Although I have sung praises about her so far, I do admit that she has her own set of shortcomings. But then so do I. We do have disagreements. Abbas becomes the scapegoat and has to listen to outbursts from the two important women in his life. He makes both understand that “No two people are the same.” At the end of the day, I have no inhibitions to be declaring in public that I couldn’t have asked for a better mother in law than her. I love you Ma. Thanks for being all that you are to me! (“I will always be jealous of Abbas coz you love him more than me”)

5 comments:

RS said...

Aww Seema! This is an amazing post. While mostly people are wary about MILs you expressed your love and respect so well for your MIL here :) Wonderful post...

Seema said...

@RS: Thank you for dropping by and leaving your comments. Really helps me to keep the show going as you may see you are the sole audience here.
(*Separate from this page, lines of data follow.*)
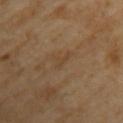notes — imaged on a skin check; not biopsied
patient — female, about 70 years old
image source — ~15 mm crop, total-body skin-cancer survey
illumination — cross-polarized illumination
lesion size — ~2.5 mm (longest diameter)
anatomic site — the left upper arm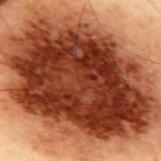| key | value |
|---|---|
| notes | imaged on a skin check; not biopsied |
| site | the upper back |
| patient | male, aged approximately 55 |
| imaging modality | ~15 mm crop, total-body skin-cancer survey |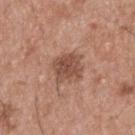biopsy status: imaged on a skin check; not biopsied
diameter: about 3.5 mm
image source: 15 mm crop, total-body photography
TBP lesion metrics: an area of roughly 9.5 mm², an outline eccentricity of about 0.15 (0 = round, 1 = elongated), and a symmetry-axis asymmetry near 0.15; a mean CIELAB color near L≈50 a*≈21 b*≈28, a lesion–skin lightness drop of about 11, and a normalized border contrast of about 7.5; a border-irregularity index near 2/10, a within-lesion color-variation index near 3/10, and peripheral color asymmetry of about 1
illumination: white-light illumination
site: the back
patient: male, aged around 55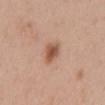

The Wonder Kitchen said...

Just came across your blog now. I navigated here from your food blog and was very very touched by this post.
I am a mangalorean (bunt) married to a Bengali too 4 years ago and mirror many of the sentiments which you have penned down although I am still working my way into my MIL's heart.
But I really have to give you a salute for blending not only into the new culture , but for also seamlessly blending into the hearts of the new family. Its very rare and hearty to see someone filled with love not only to the ones you are connected by blood, but also to the ones connected by relations. I sure hope to have such a beautiful relation with my Ma someday.

The Wonder Kitchen said...

Just came across your blog now. I navigated here from your food blog and was very very touched by this post.
I am a mangalorean (bunt) married to a Bengali too 4 years ago and mirror many of the sentiments which you have penned down although I am still working my way into my MIL's heart.
But I really have to give you a salute for blending not only into the new culture , but for also seamlessly blending into the hearts of the new family. Its very rare and hearty to see someone filled with love not only to the ones you are connected by blood, but also to the ones connected by relations. I sure hope to have such a beautiful relation with my Ma someday.

Seema said...

Hey Wonder Kitchen,

Thanks for visiting both my blogs. Thanks for all the wonderful words. Your comment made my day dear. Hope you make your way into your MIL's heart sooner.